Well, the band played, and the men sang under the direction of their song leaders, and ladies representing various nations came on the stage bearing flags at various times, more or less appropriate. And the men grew hungry and shouted "navy beaus." And Mr. O'Hara sang "Where do we go from here, boys" and played funny sketches and told stories. And the sailors sang most of the songs in their repertoire. And the band played some more, and it grew hot, and they sent the civilians home, and fed the hungry sailors coffee and buns.
I am sending you a copy of the songs used at the "sing." You can learn the words of all the war songs to date. You know the tunes. Peggy
will probably be singing some of them before the war is o'er,--while Gertrude will give an intermittent accompaniment.
Thus ended the morning. In the afternoon the black soldiers had a parade of 5000 men of the stevedore and labor regiments. The officers of these regiments are white men. They had negro bands. There were many very large men among them.

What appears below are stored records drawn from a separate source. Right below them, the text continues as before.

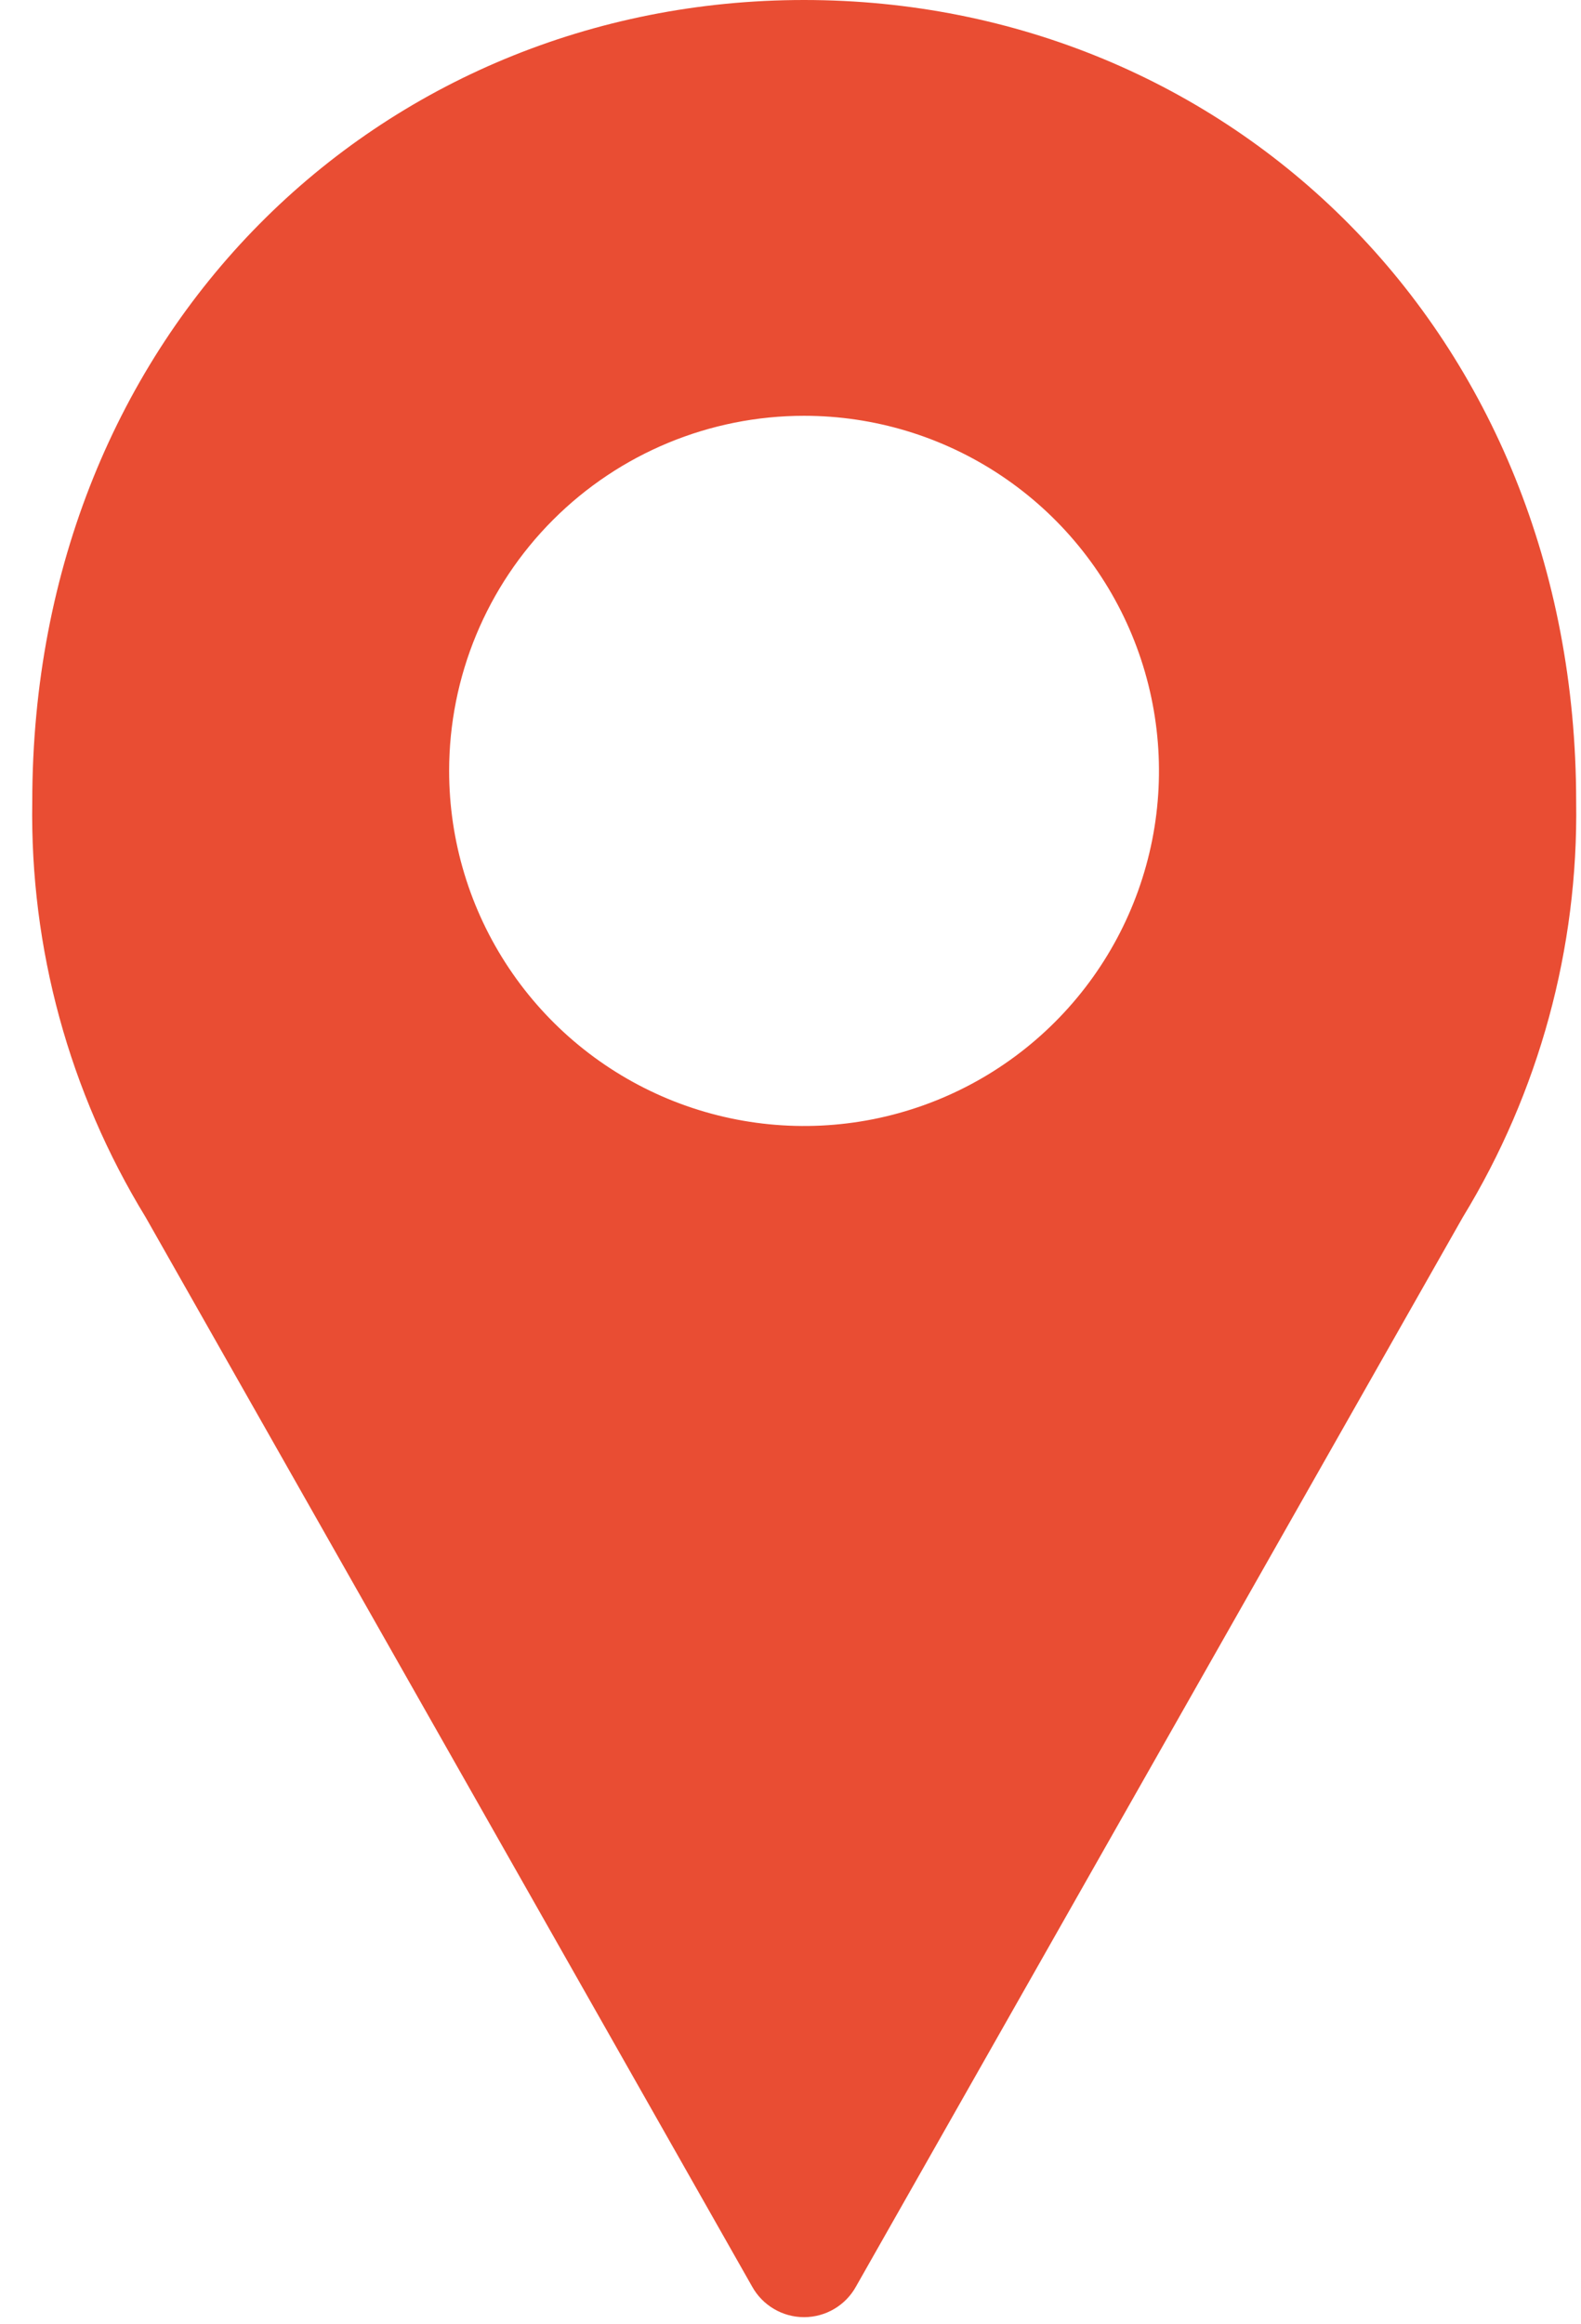 <?xml version="1.0" encoding="UTF-8"?> <svg xmlns="http://www.w3.org/2000/svg" width="49" height="72" viewBox="0 0 49 72" fill="none"> <path d="M24.92 0C11.79 0 1 10.24 1 24.84C0.927 29.373 2.145 33.833 4.51 37.7L23.31 70.83C23.469 71.118 23.703 71.357 23.986 71.524C24.269 71.691 24.591 71.779 24.92 71.779C25.249 71.779 25.572 71.691 25.855 71.524C26.138 71.357 26.371 71.118 26.53 70.83L45.34 37.7C47.701 33.831 48.918 29.372 48.85 24.84C48.85 10.24 38.06 0 24.92 0ZM24.92 12.88C27.096 12.88 29.223 13.525 31.031 14.734C32.84 15.943 34.25 17.66 35.083 19.671C35.915 21.68 36.133 23.892 35.709 26.026C35.284 28.16 34.237 30.12 32.698 31.658C31.16 33.197 29.2 34.244 27.066 34.669C24.932 35.093 22.721 34.875 20.711 34.043C18.701 33.21 16.983 31.8 15.774 29.991C14.565 28.182 13.92 26.056 13.92 23.88C13.92 20.963 15.079 18.165 17.142 16.102C19.205 14.039 22.003 12.88 24.92 12.88Z" fill="#E94D33"></path> </svg> 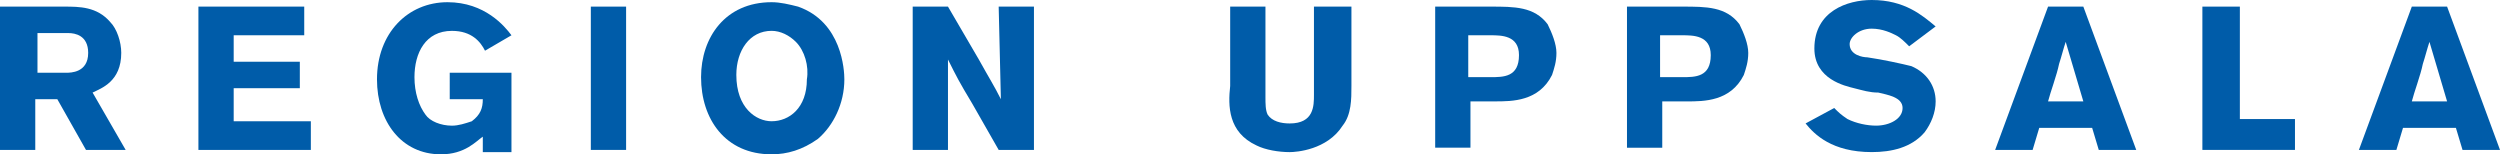 <?xml version="1.0" encoding="utf-8"?>
<!-- Generator: Adobe Illustrator 16.0.0, SVG Export Plug-In . SVG Version: 6.00 Build 0)  -->
<!DOCTYPE svg PUBLIC "-//W3C//DTD SVG 1.1//EN" "http://www.w3.org/Graphics/SVG/1.1/DTD/svg11.dtd">
<svg version="1.1" id="Lager_1" xmlns="http://www.w3.org/2000/svg" xmlns:xlink="http://www.w3.org/1999/xlink" x="0px" y="0px"
	 width="113.4px" height="7px" viewBox="0 0 113.4 7" enable-background="new 0 0 113.4 7" xml:space="preserve">
<g>
	<path fill="#005CA9" d="M0,0.3h2.9c0.7,0,1.5,0,2.1,0.7c0.3,0.3,0.5,0.899,0.5,1.399c0,1.3-0.9,1.601-1.3,1.8L5.7,6.8H3.9L2.6,4.5
		h-1v2.3H0V0.3L0,0.3z M1.7,1.5v1.8H3c0.2,0,1,0,1-0.9C4,1.6,3.4,1.5,3.1,1.5H1.7z"/>
	<path fill="#005CA9" d="M9,0.3h4.8v1.3h-3.2v1.2h3V4h-3v1.5h3.5v1.3H9V0.3z"/>
	<path fill="#005CA9" d="M21.9,6.199C21.6,6.399,21.1,7,20,7c-1.8,0-2.9-1.5-2.9-3.4c0-2.1,1.4-3.5,3.2-3.5c1.7,0,2.6,1.1,2.9,1.5
		L22,2.3c-0.2-0.4-0.6-0.9-1.5-0.9c-1.2,0-1.7,1-1.7,2.101c0,0.699,0.2,1.3,0.5,1.699c0.2,0.301,0.7,0.5,1.2,0.5
		c0.3,0,0.6-0.1,0.9-0.199c0.4-0.301,0.5-0.601,0.5-1h-1.5V3.3h2.8v3.6h-1.3V6.199z"/>
	<path fill="#005CA9" d="M28.4,0.3v6.5h-1.6V0.3H28.4z"/>
	<path fill="#005CA9" d="M35,7c-2.1,0-3.2-1.601-3.2-3.5c0-1.801,1.1-3.4,3.2-3.4c0.4,0,0.8,0.1,1.2,0.2c2,0.7,2.1,2.899,2.1,3.3
		c0,1.1-0.5,2.1-1.2,2.7C36.4,6.8,35.7,7,35,7z M36.1,1.899c-0.3-0.3-0.7-0.5-1.1-0.5c-1,0-1.6,0.9-1.6,2c0,1.5,0.9,2.101,1.6,2.101
		c0.8,0,1.6-0.601,1.6-1.9C36.7,3,36.5,2.3,36.1,1.899z"/>
	<path fill="#005CA9" d="M41.4,0.3H43l1.4,2.399c0.5,0.9,0.7,1.2,1,1.801l-0.1-4.2h1.6v6.5h-1.6l-1.2-2.101c-0.6-1-0.7-1.199-1.1-2
		V6.8h-1.6V0.3L41.4,0.3z"/>
	<path fill="#005CA9" d="M61.301,0.3v3.6c0,0.601,0,1.3-0.4,1.8c-0.7,1.101-2.1,1.2-2.4,1.2c-0.5,0-1.1-0.1-1.5-0.3
		c-1.3-0.6-1.3-1.8-1.2-2.7V0.3h1.6v4.1c0,0.3,0,0.601,0.1,0.8c0.2,0.301,0.6,0.4,1,0.4c1.1,0,1.1-0.8,1.1-1.3v-4H61.301z"/>
	<path fill="#005CA9" d="M65,0.3h2.6c1.101,0,2,0,2.601,0.8C70.4,1.5,70.6,2,70.6,2.399c0,0.4-0.1,0.7-0.199,1
		c-0.6,1.2-1.801,1.2-2.6,1.2H66.7v2.1H65.1V0.3H65z M66.6,1.5v2h1c0.601,0,1.301,0,1.301-1c0-0.9-0.801-0.9-1.301-0.9h-1V1.5z"/>
	<path fill="#005CA9" d="M73.7,0.3h2.601c1.1,0,2,0,2.6,0.8c0.199,0.4,0.4,0.9,0.4,1.3c0,0.4-0.101,0.7-0.201,1
		c-0.6,1.2-1.799,1.2-2.6,1.2h-1.1v2.1h-1.6V0.3H73.7z M75.301,1.5v2h1c0.6,0,1.299,0,1.299-1c0-0.9-0.799-0.9-1.299-0.9h-1V1.5z"/>
	<path fill="#005CA9" d="M83.2,4.899c0.2,0.2,0.3,0.3,0.601,0.5c0.399,0.2,0.899,0.3,1.299,0.3c0.601,0,1.201-0.3,1.201-0.8
		S85.6,4.3,85.2,4.199c-0.399,0-0.7-0.1-1.101-0.199c-0.399-0.101-1.799-0.4-1.799-1.801C82.301,0.5,83.801,0,84.9,0
		c1.5,0,2.3,0.699,2.9,1.199L86.6,2.1c-0.199-0.2-0.399-0.4-0.6-0.5c-0.199-0.1-0.6-0.3-1.1-0.3c-0.6,0-1,0.399-1,0.7
		c0,0.5,0.6,0.6,0.8,0.6c0.7,0.1,1.601,0.3,2,0.4c0.7,0.3,1.101,0.899,1.101,1.6c0,0.5-0.201,1-0.5,1.4
		c-0.601,0.699-1.5,0.899-2.4,0.899c-1.801,0-2.6-0.8-3-1.3L83.2,4.899z"/>
	<path fill="#005CA9" d="M94.5,0.3l2.4,6.5h-1.7l-0.3-1h-2.4l-0.3,1h-1.7l2.4-6.5H94.5z M93.7,1.899c-0.101,0.3-0.2,0.7-0.3,1
		c-0.1,0.5-0.4,1.3-0.5,1.7h1.6L93.7,1.899z"/>
	<path fill="#005CA9" d="M100,0.3h1.6v5.1h2.5v1.4H99.9V0.3H100z"/>
	<path fill="#005CA9" d="M111,0.3l2.4,6.5h-1.7l-0.3-1H109l-0.3,1H107l2.4-6.5H111z M110.2,1.899c-0.101,0.3-0.2,0.7-0.3,1
		c-0.1,0.5-0.4,1.3-0.5,1.7h1.6L110.2,1.899z"/>
</g>
</svg>

At four o'clock the Soldier's and Sailor's Club of the Camp Community Service was opened. They have a fine two story building with auditorium upstairs and pool-tables, game tables, cafeteria, kitchen, and social room downstairs. The upper floor had rest-rooms for ladies. The auditorium could be used as basketball room, and there were showers, etc. The building was paid for in fact by subscription among the local people, and in part by funds raised in the national campaign of a year ago. I know because I looked up the facts for the use of the General in preparing his speech. And guess what the genial general did. After the chairman had said as much as he wished, and the admiral
with his white hair and white uniform and gold decorations had told of the hardships that the soldiers suffer on the water, and the General had made some frank remarks on various subjects, and the head of the Camp Community Service, Mr. Crosby, had explained why he was not in the army and expressed loving sentiments for the soldier and the community, the General began pointing in my general direction and beckoning. I was down in the audience and began preparing to move as soon as certain that I was wanted. Not so with a gray haired man ahead me. He got up and proceeded to hasten to the stage, but the General was not satisfied; he evidently wanted some one with no hair at all. So up I jumped and overtook the man on the stairs. He gracefully withdrew in my favor and I went up and sat beside the General who introduced "The bald-headed man on my right", Major Sawyer, as a man who had been sent by the Secretary of War, at his
request, to represent him in dealing with all the 26 non-military organizations in the Port of Embarkation. So I made a little speech and the meeting closed. After that we went down stairs and had some grape-fruit-ade. Mr. Crosby then took Miss Needham, who is organizing the detention home, Mrs. Hill who is a "cafeteria expert" for the new Soldiers and Sailors Club, and me, the chief coordinator and peacemaker to the king, to supper at his boarding house.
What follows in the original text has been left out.